訪日客コロナ禍以降、単月で初の200万人 地方誘客へ取り組み加速(JNTO)
2023年7月31日(月) 配信
日本政府観光局(JNTO、蒲生篤実理事長)は7月26日(水)に開いた会見で、訪日外国人旅行者数が、コロナ禍以降の単月で初めて200万人を超えたことを報告した。1~6月の上半期では1000万人を突破。一方で、高付加価値旅行者の訪問地域が東京などに集中していることから、中山理映子理事は、「地方誘客・消費へ向けた取り組みを加速する必要がある」と力を込めた。2023年6月の訪日外客数は207万3300人で、19年同月比の72%まで回復している。
エリア別外客数の回復傾向をみると、最も回復率が高いのは米州・豪州で、19年を上回る25・5%増。次いで、東南アジアが同4・6%減。中国を除く東アジアが12・2%減、欧州・中東が18・2%減となった。
中山理事は、「地方誘客の課題の原因として、地方宿泊数が多かった東アジア市場の回復の遅れが影響していると考えられる。

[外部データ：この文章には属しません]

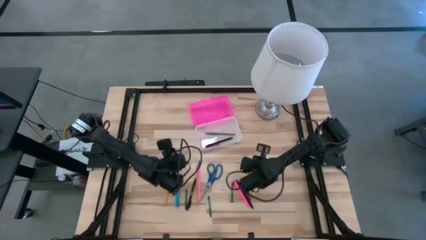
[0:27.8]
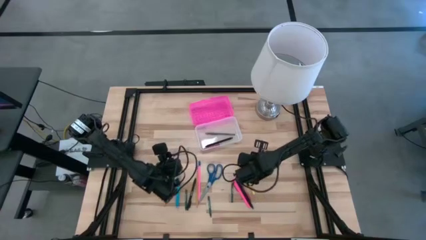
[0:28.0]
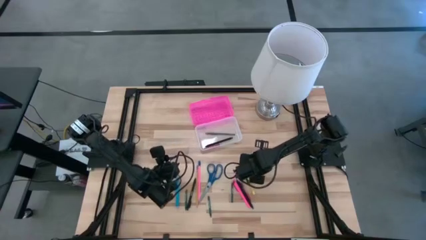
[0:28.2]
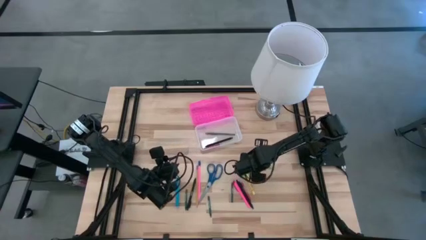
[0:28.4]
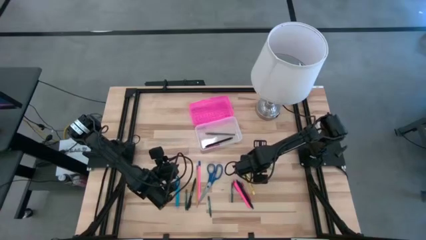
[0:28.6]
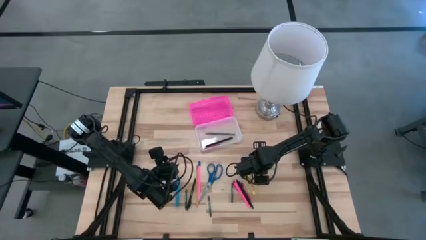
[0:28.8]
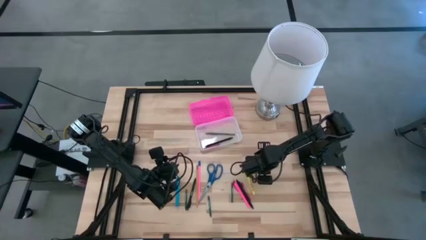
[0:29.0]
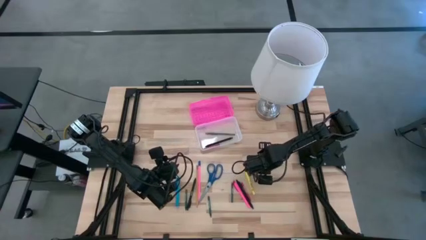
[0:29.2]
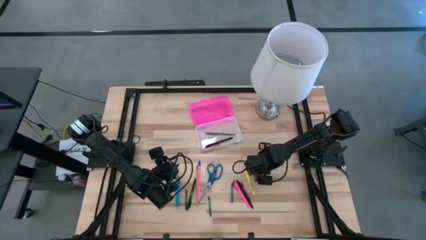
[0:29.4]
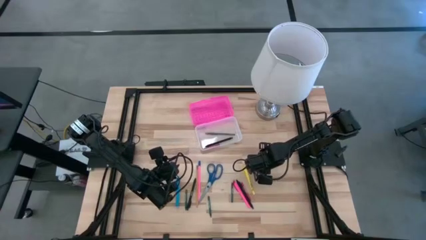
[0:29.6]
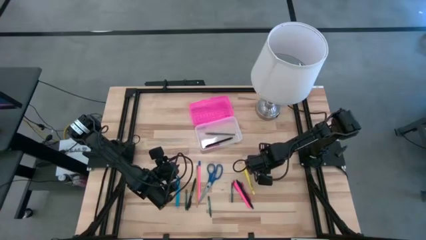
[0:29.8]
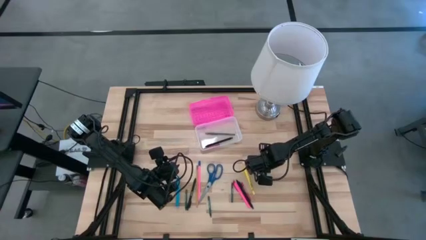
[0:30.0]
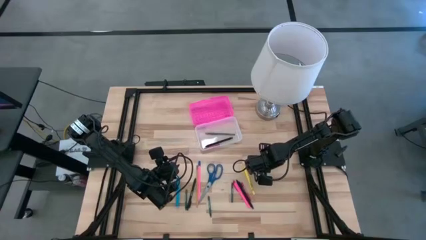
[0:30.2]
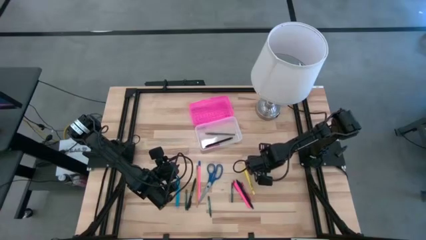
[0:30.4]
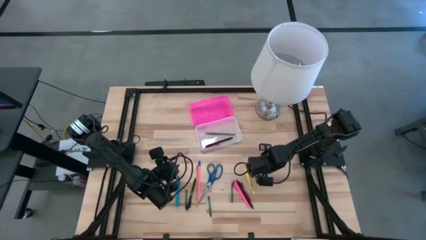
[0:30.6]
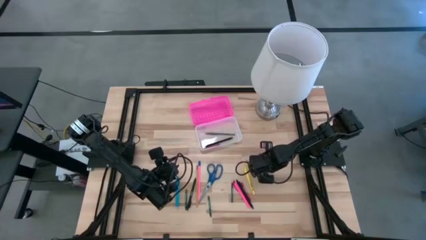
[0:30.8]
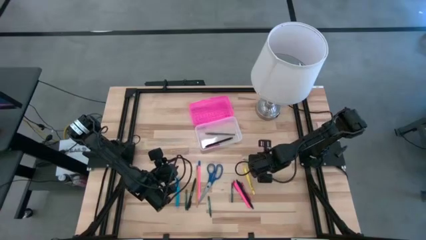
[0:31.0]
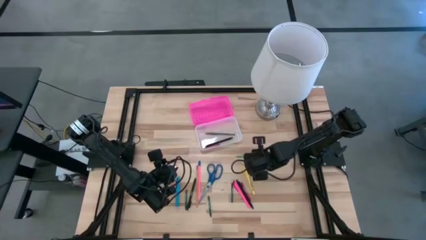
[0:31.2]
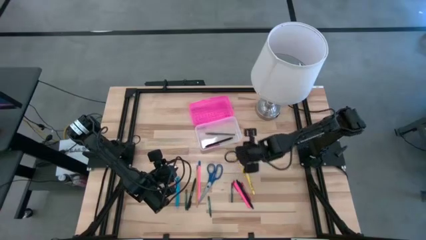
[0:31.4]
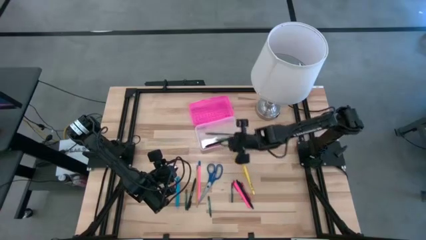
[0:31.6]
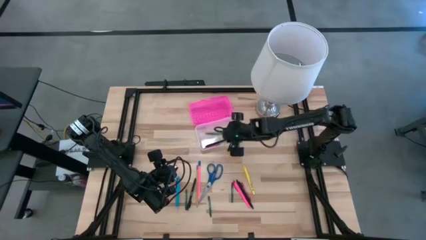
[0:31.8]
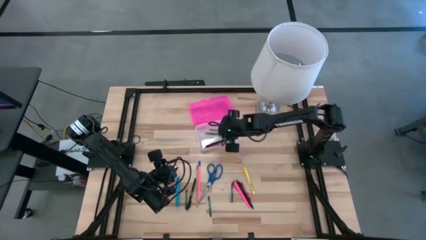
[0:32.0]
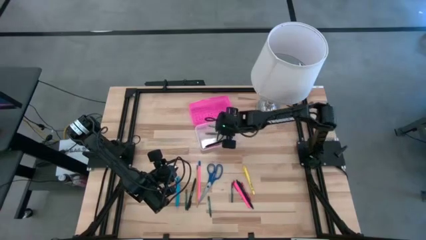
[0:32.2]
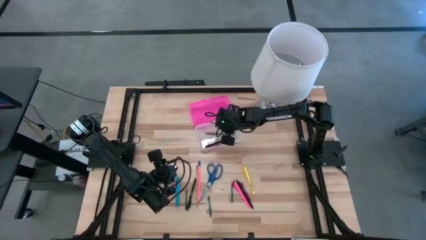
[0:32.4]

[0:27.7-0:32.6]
Task: Pick & place school supplies into a supply box
Put the green pen into the pink supply box

東アジアから地方空港への直行便が回復すれば、地方部への誘客が加速する」と話した。
□訪日マーケティング戦略 ターゲットのデータ整理
観光立国推進基本計画において、主な目標として、2025年までに訪日外国人旅行者1人当たりの旅行消費額を、19年比25%増の20万円としている。また、訪日外客1人当たりの地方部宿泊数を2泊にすることを目指している。
なお、23年4~6月期の1人当たり旅行支出は20万5000円と推計され、既に目標値を達成しているが、「今後、マスツーリズムが回復するにつれ、全体的に支出額が下がっていく可能性がある」(中山理事)とみている。
JNTOでは、基本計画を踏まえて、持続可能な観光・消費額拡大・地方誘客促進の実現に向け、きめ細やかにプロモーションを展開するための戦略を策定した。市場別・市場横断・MICEの3部構成とした戦略は、23~25年度で実施される。
市場別マーケティング戦略では、各重点市場について、旅行者のアンケートデータや海外事務所の知見をもとに、「消費額が大きい」「地方での宿泊の可能性が高い」「一定程度の人数が見込める」セグメントをターゲットとして設定した。
これらのターゲットを参考にすることで、地域の「強み」に合うターゲットの絞り込みを可能とし、効果的な受け入れ態勢整備の実現や、プロモーションの効率化、新たな地域間連携などが見込める。
市場横断プロモ―ションでは、長期滞在が期待できるアドベンチャートラベルに着目。21年に北海道で開催予定だった「アドベンチャートラベルワールドサミット2023」(ATWS2023)が9月11(月)~14日(木)に再び北海道でリアル開催されることから、「日本をATデスティネーションとして世界にアピールできる絶好の機会。点ではなく面でコンテンツをそろえていく」(JNTO)とした。
MICEマーケティング戦略では、国際機関や業界団体との連携を強化する。国際会議とインセンティブ旅行の誘致に、積極的に取り組む。
また、25年の大阪・関西万博に向けては、近隣の中国や台湾のほかにも、万博開催経験のある米国やイタリア、ドイツ、中東などをターゲットに据えた。